I have a 3 member kafka-cluster setup, the __consumer_offsets topic has 50 partitions.
The following is the result of describe command on:
root@kafka-cluster-0:~# kafka-topics.sh --zookeeper localhost:2181 --describe
Topic:__consumer_offsets PartitionCount:50 ReplicationFactor:1 Configs:segment.bytes=104857600,cleanup.policy=compact,compression.type=producer
Topic: __consumer_offsets Partition: 0 Leader: 1 Replicas: 1 Isr: 1
Topic: __consumer_offsets Partition: 1 Leader: -1 Replicas: 2 Isr: 2
Topic: __consumer_offsets Partition: 2 Leader: 0 Replicas: 0 Isr: 0
Topic: __consumer_offsets Partition: 3 Leader: 1 Replicas: 1 Isr: 1
Topic: __consumer_offsets Partition: 4 Leader: -1 Replicas: 2 Isr: 2
Topic: __consumer_offsets Partition: 5 Leader: 0 Replicas: 0 Isr: 0
...
...
Member's are node 0, 1 and 2.
As it's obvious, The partitions in replica=2, have no leader set for them, and their leader=-1
I'm wondering what caused this issue, I restarted the 2nd member kafka service, but I never thought it would have this side effect.
Also right now, all nodes have been up for hours, this is the result of ls broker/ids:
/home/kafka/bin/zookeeper-shell.sh localhost:2181 <<< "ls /brokers/ids"

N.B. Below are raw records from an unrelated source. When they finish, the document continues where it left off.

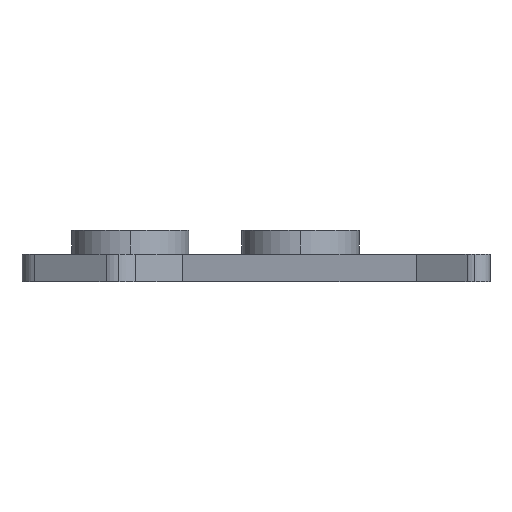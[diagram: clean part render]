
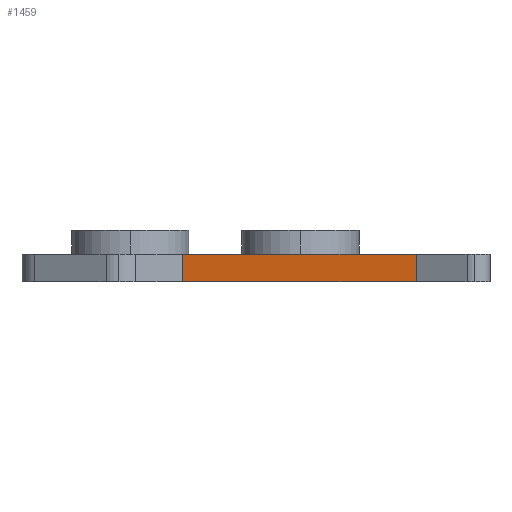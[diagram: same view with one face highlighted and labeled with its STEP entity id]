
A CAD part, left-side view. The second image highlights one B-rep face of the part: STEP entity #1459.
In plain terms, the highlighted planar face has unit normal (-0.5, -0.866, 0).
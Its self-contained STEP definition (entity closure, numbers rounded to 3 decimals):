
#32 = CARTESIAN_POINT ( 'NONE',  ( -31.316, 12.307, 1.6 ) ) ;
#39 = VECTOR ( 'NONE', #698, 1000. ) ;
#55 = EDGE_CURVE ( 'NONE', #1502, #1301, #78, .T. ) ;
#78 = LINE ( 'NONE', #920, #748 ) ;
#81 = EDGE_CURVE ( 'NONE', #1422, #122, #682, .T. ) ;
#98 = ORIENTED_EDGE ( 'NONE', *, *, #55, .T. ) ;
#122 = VERTEX_POINT ( 'NONE', #1407 ) ;
#194 = CARTESIAN_POINT ( 'NONE',  ( -7.5, -1.443, 1.6 ) ) ;
#210 = LINE ( 'NONE', #194, #349 ) ;
#278 = EDGE_CURVE ( 'NONE', #1301, #122, #1452, .T. ) ;
#323 = CARTESIAN_POINT ( 'NONE',  ( -7.5, -1.443, 1.6 ) ) ;
#327 = DIRECTION ( 'NONE',  ( -0.866, 0.5, 0. ) ) ;
#347 = CARTESIAN_POINT ( 'NONE',  ( -7.5, -1.443, 0. ) ) ;
#349 = VECTOR ( 'NONE', #560, 1000. ) ;
#560 = DIRECTION ( 'NONE',  ( 0.866, -0.5, 0. ) ) ;
#681 = EDGE_CURVE ( 'NONE', #1502, #1422, #210, .T. ) ;
#682 = LINE ( 'NONE', #807, #39 ) ;
#685 = DIRECTION ( 'NONE',  ( 0.5, 0.866, 0. ) ) ;
#698 = DIRECTION ( 'NONE',  ( 0., 0., -1. ) ) ;
#730 = ORIENTED_EDGE ( 'NONE', *, *, #278, .T. ) ;
#748 = VECTOR ( 'NONE', #1026, 1000. ) ;
#802 = VECTOR ( 'NONE', #942, 1000. ) ;
#806 = PLANE ( 'NONE',  #1427 ) ;
#807 = CARTESIAN_POINT ( 'NONE',  ( -7.5, -1.443, 1.6 ) ) ;
#920 = CARTESIAN_POINT ( 'NONE',  ( -31.316, 12.307, 1.6 ) ) ;
#923 = CARTESIAN_POINT ( 'NONE',  ( -7.5, -1.443, 1.6 ) ) ;
#942 = DIRECTION ( 'NONE',  ( 0.866, -0.5, 0. ) ) ;
#960 = EDGE_LOOP ( 'NONE', ( #730, #1361, #1319, #98 ) ) ;
#1026 = DIRECTION ( 'NONE',  ( 0., 0., -1. ) ) ;
#1219 = FACE_OUTER_BOUND ( 'NONE', #960, .T. ) ;
#1301 = VERTEX_POINT ( 'NONE', #1475 ) ;
#1319 = ORIENTED_EDGE ( 'NONE', *, *, #681, .F. ) ;
#1361 = ORIENTED_EDGE ( 'NONE', *, *, #81, .F. ) ;
#1407 = CARTESIAN_POINT ( 'NONE',  ( -7.5, -1.443, 0. ) ) ;
#1422 = VERTEX_POINT ( 'NONE', #323 ) ;
#1427 = AXIS2_PLACEMENT_3D ( 'NONE', #923, #685, #327 ) ;
#1452 = LINE ( 'NONE', #347, #802 ) ;
#1459 = ADVANCED_FACE ( 'NONE', ( #1219 ), #806, .F. ) ;
#1475 = CARTESIAN_POINT ( 'NONE',  ( -31.316, 12.307, 0. ) ) ;
#1502 = VERTEX_POINT ( 'NONE', #32 ) ;

Connecting to localhost:2181
Welcome to ZooKeeper!
JLine support is disabled
WATCHER::
WatchedEvent state:SyncConnected type:None path:null
[0, 1, 2]
Also, there are many topics in the cluster, and node 2 is not leader for any of them, and wherever it only has the data (replication-factor=1, and partition hosted on this node), leader=-1, as obvious from below.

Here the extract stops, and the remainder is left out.